Escribió Teresa de Jesús: “ Las almas que no tienen oración” son “como un cuerpo con perlesía y tulllido, que aunque tiene pies y manos no los puede mandar”. Y San Agustía llega con agudeza a la siguiente conclusión: “Verdaderamente, sabe vivir bien quien sabe orar bien”. El hombre que no ora y no vela se convierte en presa fácil del tentador, que “como león rugiente da vueltas y busca a quien devorar” (1 Pe 5,8).
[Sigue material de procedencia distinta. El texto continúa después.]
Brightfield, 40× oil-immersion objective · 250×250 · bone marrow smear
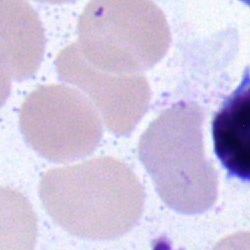
Morphology — lymphocyte.
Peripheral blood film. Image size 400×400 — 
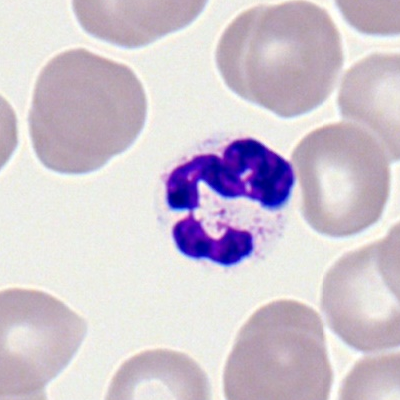 Q: What cell is this?
A: A neutrophil (segmented).
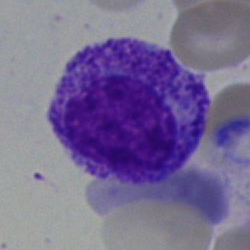

Bone marrow aspirate smear, single cell — myelocyte.
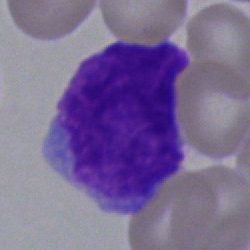Blast.
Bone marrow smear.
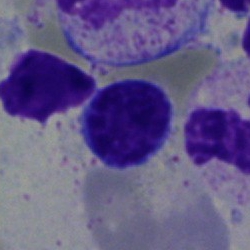Showing a lymphocyte.
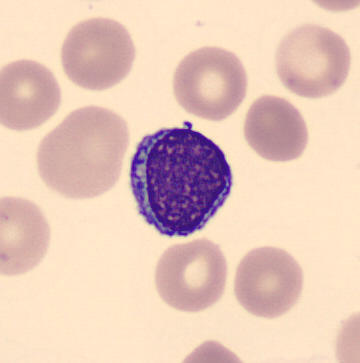
Morphology → typical lymphocyte.
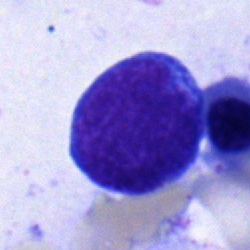
This is a lymphocyte.
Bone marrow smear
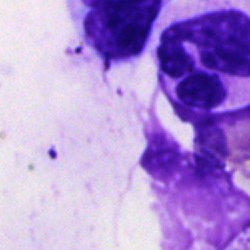
Polymorphonuclear neutrophil.
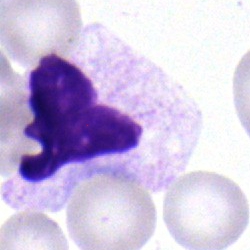 Impression — polymorphonuclear neutrophil.
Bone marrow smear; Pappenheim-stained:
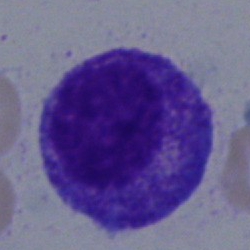Q: What type of cell is this?
A: This is a progranulocyte.
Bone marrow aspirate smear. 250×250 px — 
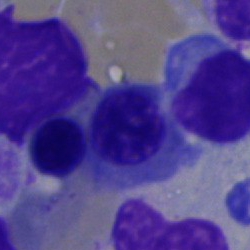

Normoblast.
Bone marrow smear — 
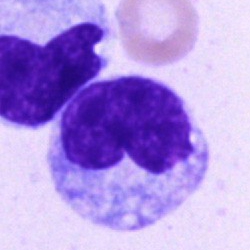 This is a monocyte.
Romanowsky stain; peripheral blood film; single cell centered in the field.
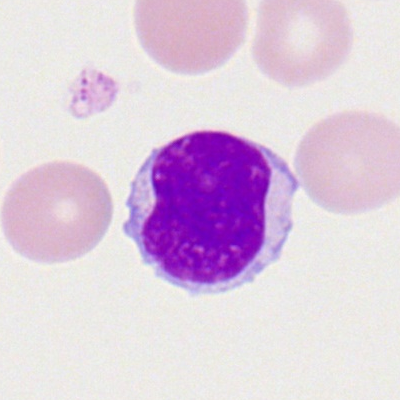
Specimen: peripheral blood film.
Morphological class: typical lymphocyte.
Lineage: lymphoid.
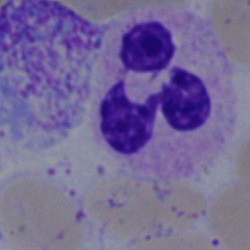 Classification = neutrophil (segmented).
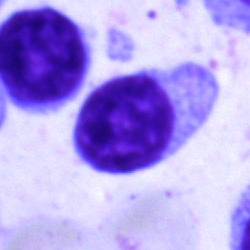

A lymphocyte on a bone marrow smear.
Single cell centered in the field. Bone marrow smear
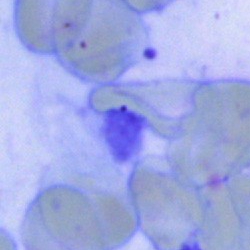
Morphology — artifact.
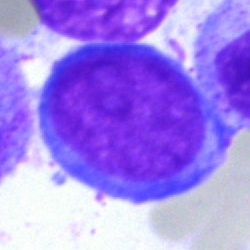
Bone marrow smear showing a pronormoblast.
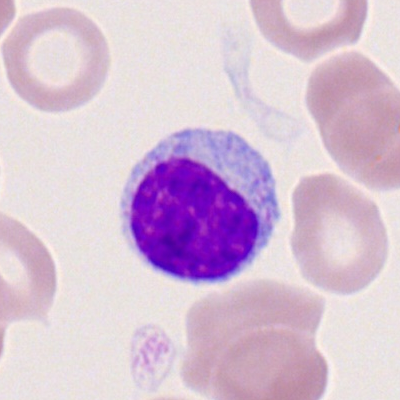 {"cell_type": "typical lymphocyte", "lineage": "lymphoid"}
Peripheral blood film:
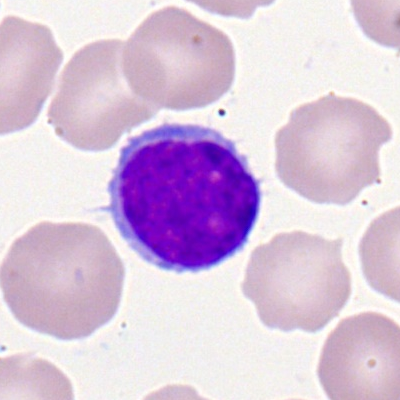 Cell = typical lymphocyte.
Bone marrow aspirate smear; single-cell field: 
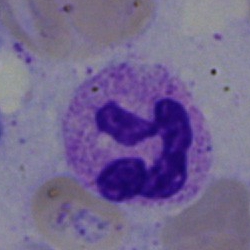
Segmented neutrophil.
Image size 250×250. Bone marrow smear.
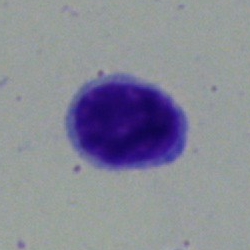
Morphology — lymphocyte.
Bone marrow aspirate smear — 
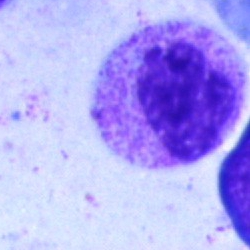
Specimen: bone marrow smear.
Cell type: myelocyte.
Lineage: myeloid.
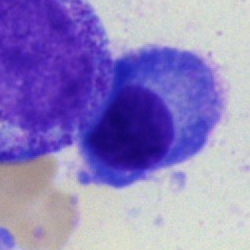 Classification — plasmacyte.
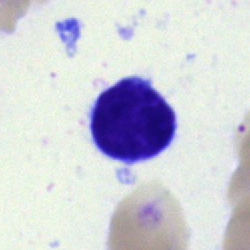
{"cell_type": "typical lymphocyte", "lineage": "lymphoid"}
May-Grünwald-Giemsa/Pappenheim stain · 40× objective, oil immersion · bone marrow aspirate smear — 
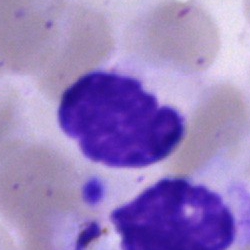

{"cell_type": "artefact"}
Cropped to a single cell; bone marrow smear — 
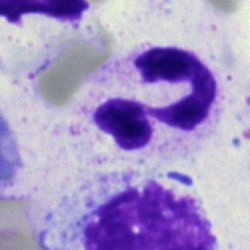

Impression → neutrophil (segmented).
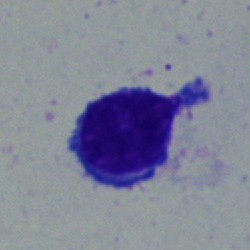Q: What is the morphological classification of this cell?
A: Lymphocyte.
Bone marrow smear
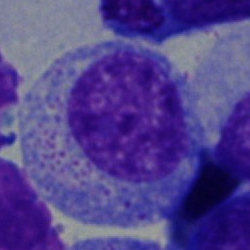Morphology consistent with a myelocyte.
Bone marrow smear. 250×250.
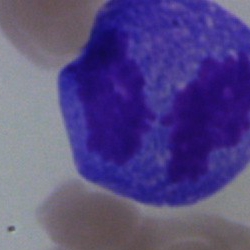

Classification = unidentifiable cell.
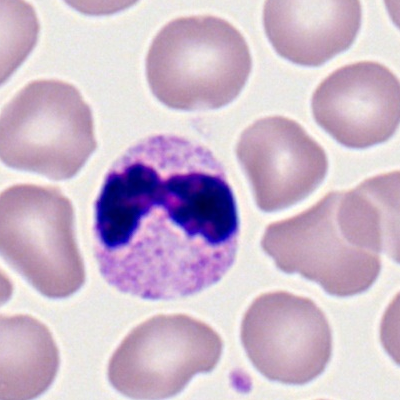Morphology consistent with a polymorphonuclear neutrophil.
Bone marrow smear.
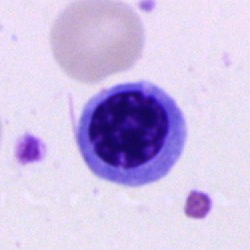 Specimen: bone marrow aspirate smear.
Classification: erythroblast.
Lineage: erythroid.
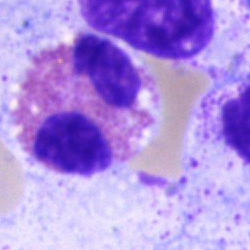

Impression — eosinophilic granulocyte.
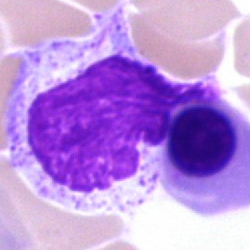Impression → unidentifiable cell.
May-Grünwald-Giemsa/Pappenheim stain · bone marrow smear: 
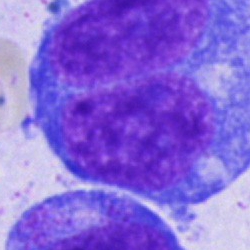

Morphology consistent with a cell of indeterminate lineage.
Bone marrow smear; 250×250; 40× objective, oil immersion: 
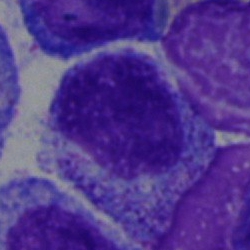A myelocyte.
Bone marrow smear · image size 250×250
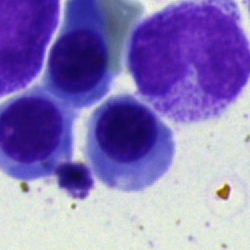

Q: What is the morphological classification of this cell?
A: It is a nucleated red cell.
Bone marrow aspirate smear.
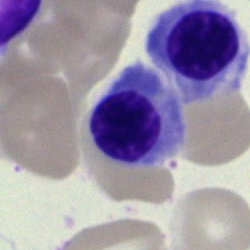A nucleated red blood cell.
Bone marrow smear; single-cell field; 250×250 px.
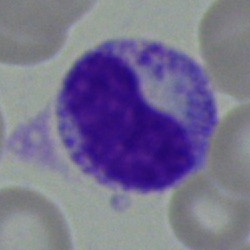
Classification = myelocyte.
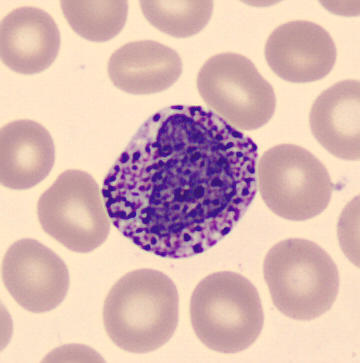
Showing a basophilic granulocyte.
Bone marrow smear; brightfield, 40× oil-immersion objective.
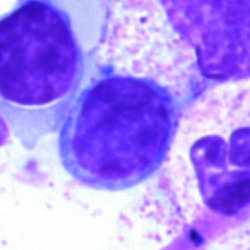
Morphology — lymphocyte.
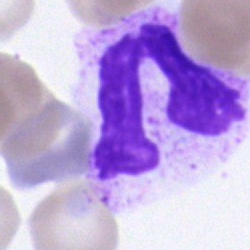Cell type = artifact.
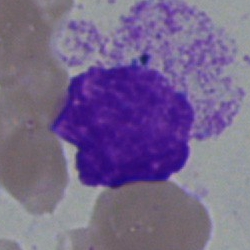This is a myelocyte.
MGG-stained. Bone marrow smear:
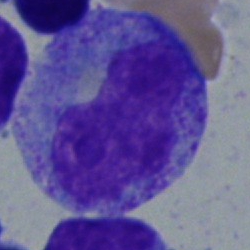 Cell type = progranulocyte.
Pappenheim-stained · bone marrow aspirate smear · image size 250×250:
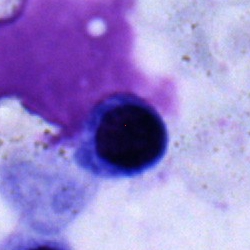 Impression — nucleated red cell.
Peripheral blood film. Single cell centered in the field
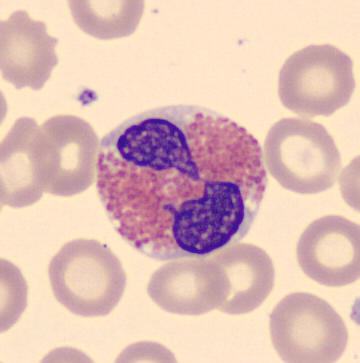An eosinophil.
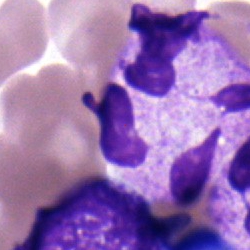
Morphology → polymorphonuclear neutrophil.
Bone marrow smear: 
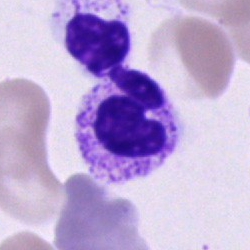 Classification = polymorphonuclear neutrophil.
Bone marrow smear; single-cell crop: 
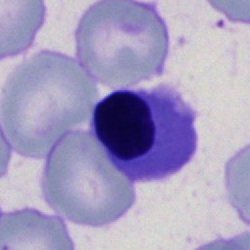 Classification: nucleated red blood cell.
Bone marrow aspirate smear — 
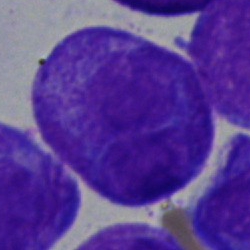
{"cell_type": "progranulocyte"}
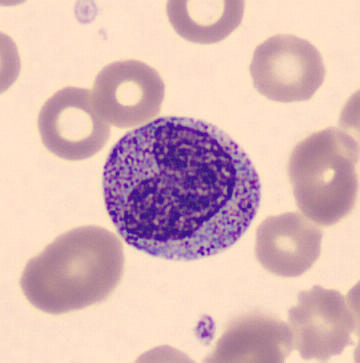
Cell = metamyelocyte.

Image: May-Grünwald-Giemsa-stained · 360 by 363 pixels · peripheral blood film.
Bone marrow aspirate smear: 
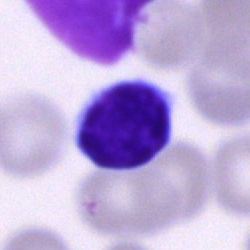
The classification is lymphocyte.
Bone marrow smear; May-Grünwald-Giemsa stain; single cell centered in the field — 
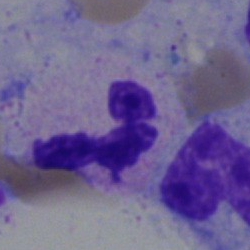

Q: What is shown here?
A: A polymorphonuclear neutrophil.
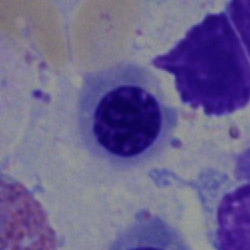

Q: Which cell type is shown here?
A: This is a nucleated red blood cell.
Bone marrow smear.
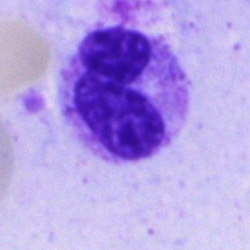

The classification is polymorphonuclear neutrophil.
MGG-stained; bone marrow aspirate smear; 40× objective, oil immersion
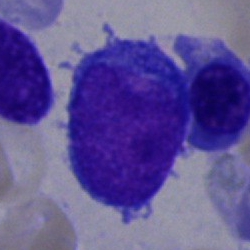
Cell type: blast cell.
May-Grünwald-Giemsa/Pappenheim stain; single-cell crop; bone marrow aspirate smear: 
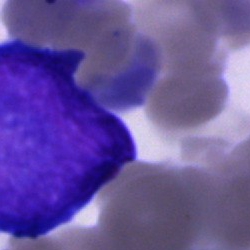

Q: What is shown here?
A: An artifact.
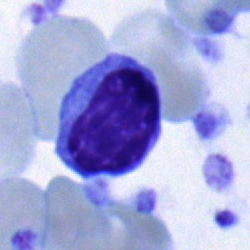
Cell = lymphocyte.
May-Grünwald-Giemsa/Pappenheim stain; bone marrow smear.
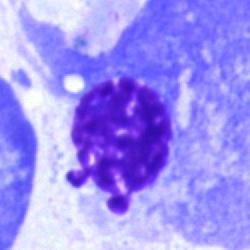{"cell_type": "artifact"}
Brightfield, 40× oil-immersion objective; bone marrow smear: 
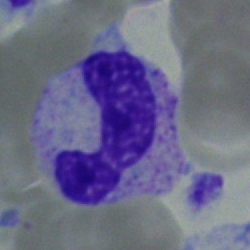
Band neutrophil.
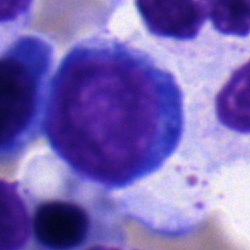Q: What type of cell is this?
A: It is a proerythroblast.
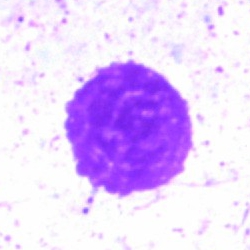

Por tanto, para llegar a ser hombres de oración hay que desarrollar en nosotros las virtudes y obedecer a Dios, haciendo lo que le agrada. “El altar verdaderaemnte santo es el alma justa y (…9 su perfume es la plegaria digna”. Sin la virtud no puede alcanzarse la oración perfecta, pero sin la oración las vistudes no pueden alcanzar la perfección, dijo Casiano. La oración da impulso, intensidad y extensión a la acción, mientras que la acción recuerda la necesidad del apoyo de la oración para el recto discernimiento de lo que se debe hacer y del modo en que debe hacerse.
Pero la enseñanza sobre la oración cristiana que resulta de los Evangelios no consiste en hablar mucho a Dios sino en amarlo mucho. En efecto, no se trata de multiplicar fórmulas o palabras cuando nos dirigimos al Señor, sino de conservar en el diálogo con Dios la actitud de “llamar con un impulso prolongado y piadoso del corazón a su puerta, un movimiento del ánimo humano hacia lo infinito, lo absoluto. El Dios de la revelación bíblica más que hacerse buscar es aquél que va en busca del hombre: “El Dios que nos ha amado primero (1 Jn 4,19) habla, inicia el diálogo en la historia, y el hombre, frente a esta revelación de si mismo por parte de Dios, reacciona en la fe a través de la bendición, la alabanza, la acción de gracias, la adoración, la petición, la confesión del propio pasado, es decir, a través de la oración, que quiere ser siempre obediencia a quien ha hablado y expresarse como adhesión, esperanza, caridad”. El hombre puede hablar con dios porque Dios ha hablado primero con el hombre resumiendo definitivamente todo en Cristo. En esta perspectiva, pues, la verdadera oración se torna en respuesta del hombre a la Palabra de Dios. La oración es movimiento de reacción al don del amor de Dios, es un querer retornar todo a Dios,, es alabanza, acción de gracias, intercesión a Dios.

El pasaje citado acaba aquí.